Posts / The expected number of takes from a discrete distribution before observing the given element


Let’s consider a discrete distribution $X$ defined by its probability mass function $p_X(x)$. We randomly take elements from $X$ until we observe the given element $x_0$. What’s the expected number of takes in this process?

This classic statistical problem could be solved in various ways. I would like to share one of my favorite approaches that involves the derivative of the series $\sum_{n=0}^\infty x^n$.

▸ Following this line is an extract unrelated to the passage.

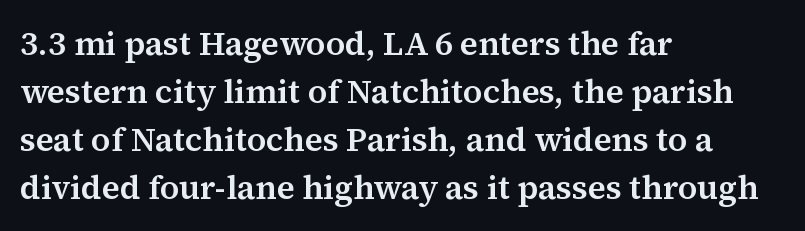
The image shows 33 px serif type, upright; set left-aligned, normal line spacing (1.45x), normal letter spacing, not underlined; medium stroke contrast and a medium x-height.

Let’s denote the result (the expected number of takes) as $K$ and the probability $p_X(x_0)$ of observing $x_0$ as $\alpha$. First of all, let’s write down the straightforward equation for $K$. The probability of observing $x_0$ after the first take is just $\alpha$. The probability of observing $x_0$ after the second take is $\alpha(1-\alpha)$. The probability of observing $x_0$ after the third take is $\alpha(1-\alpha)^2$. Continuing this process, we have

$$ K = 1 \cdot \alpha + 2 \cdot \alpha(1-\alpha) + 3 \cdot \alpha(1-\alpha)^2 + 4 \cdot \alpha(1-\alpha)^3 + \ldots = \alpha \sum_{n=0}^\infty n (1-\alpha)^{n-1}. $$

Now consider the following series:

$$ S(y) = \sum_{n=0} y^n. $$

It’s easy to see that

$$ S(y) = \sum_{n=0}^\infty y^n = 1 + \sum_{n=1}^\infty y^n = 1 + y \cdot \sum_{n=1}^\infty y^{n-1} = 1 + y \cdot \sum_{n=0}^\infty y^n = 1 + y \cdot S(y). $$

Solving $S(y) = 1 + y \cdot S(y)$, we get

$$ \sum_{n=0}^\infty y^n = S(y) = \frac{1}{1-y}. $$

By taking the derivative of both sides of this expression, we get

$$ \sum_{n=0}^\infty n \cdot y^{n-1} = \frac{1}{(1-y)^2}. $$

Putting $y = 1-\alpha$, we get

$$ K = \alpha \sum_{n_0}^\infty n \cdot y^{n-1} = \alpha \frac{1}{(1-y)^2} = \alpha \frac{1}{\alpha^2} = \frac{1}{\alpha}. $$

Thus, we get the answer:

$$ K = \frac{1}{p_X(x_0)}. $$